![]() |
Владимир Шадурский. Русская классическая литература в восприятии Марка Алданова.– Великий Новгород: НовГУ им. Ярослава Мудрого, 2024. – 306 с. |
Тем не менее нельзя сказать, что Марк Алданов (1886–1957) глубоко изучен, несмотря на немалое число статей и монографий. Из них хотелось бы выделить труды первооткрывателя алдановского наследия – ныне, увы, покойного профессора МГУ Андрея Чернышева. Есть также несколько интересных диссертаций, но они, как правило, или затрагивают отдельные аспекты творчества, или касаются конкретных произведений.
Книга историка литературы Владимира Шадурского отчасти компенсирует возникшую лакуну. Это не первое обращение автора к образу писателя-эмигранта. В 2016 году Шадурский опубликовал книгу «Марк Алданов – комментатор русской классики». В новом труде, основанном на работе в архиве, исследователь существенно расширил избранную тему. Теперь на примере эпистолярного наследия, свидетельств современников и собственно книг и статей Алданова Шадурский рассматривает, как автор «Ключа» воспринимал и преломлял в собственных сочинениях отечественную прозу и поэзию, начиная от трудов преп. Нила Сорского и протопопа Аввакума до таких старших современников, как Антон Чехов и Лев Толстой. Книга включает в себя и отдельные главы о влиянии на Алданова Державина, Пушкина, Лермонтова и Гоголя.
Например, героиня романа «Бред» Наташа не только, как писал Алданов, «с пером в руке читает «Шестой помысел уныния» Нила Сорского», но и, по точному утверждению Шадурского, «следует этическим принципам старца», стремясь возродить переживающего духовный кризис жениха, а затем супруга Евгения Шелля.
Правда, для понимания личности и творчества писателя гораздо существеннее образы Александра Герцена и Ивана Тургенева. Ведь именно в них Алданов видел своих предшественников – таких же, как он сам, литераторов-изгнанников, либералов, остающихся искренними патриотами.
Также можно отметить влияние Александра Грибоедова. В данном случае речь не только об упоминании персонажей и о цитатах из знаменитой комедии на страницах алдановских книг. Их создатель во многом следовал грибоедовской традиции. Его мировосприятие заключалось в «горечи ума», видевшего окружающий мир без каких-либо иллюзий. Одновременно писатель осознавал, что и сам разум может быть опасным орудием, способным все разрушить. В результате возникший драматизм постоянно усиливался от алдановского рационализма, который не совмещался в его сознании с религиозными чувствами. Вспомним, что в письмах к Буниным романист себя шутливо характеризовал «мерзавцем-атеистом».

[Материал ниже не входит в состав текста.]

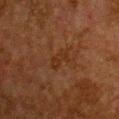Clinical impression: Imaged during a routine full-body skin examination; the lesion was not biopsied and no histopathology is available. Image and clinical context: A 15 mm close-up tile from a total-body photography series done for melanoma screening. The tile uses cross-polarized illumination. From the chest. Approximately 3 mm at its widest. The patient is a female aged around 50. An algorithmic analysis of the crop reported a lesion color around L≈25 a*≈18 b*≈27 in CIELAB, about 4 CIELAB-L* units darker than the surrounding skin, and a lesion-to-skin contrast of about 5.5 (normalized; higher = more distinct). It also reported a border-irregularity rating of about 3.5/10, internal color variation of about 1 on a 0–10 scale, and radial color variation of about 0.5.

Интересен анализ влияния Толстого. В свое время алдановский корреспондент, поэт и критик Георгий Адамович обращал внимание на следующий парадокс: поэтика Алданова ближе к Достоевскому, чем к Толстому, несмотря на то что именно автор «Воскресения» был кумиром для писателя. Шадурский заочно полемизирует с Адамовичем, отмечая целый ряд приемов, перенятых Алдановым от яснополянского мыслителя. Например, использование антитезы внешнего вида и внутреннего содержания. Касаясь извечной оппозиции «Толстой – Достоевский», он подчеркивает, что Алданов синтезировал традиции эпического романа Толстого с драматическим романом Достоевского. А Федора Михайловича сделал одним из персонажей своего любимого романа «Истоки».
Предпринятый Владимиром Шадурским обстоятельный анализ позволяет не только лучше понять истоки алдановского творчества, но и определить его место в пантеоне российской словесности. А оно, как представляется, должно быть в первом ряду.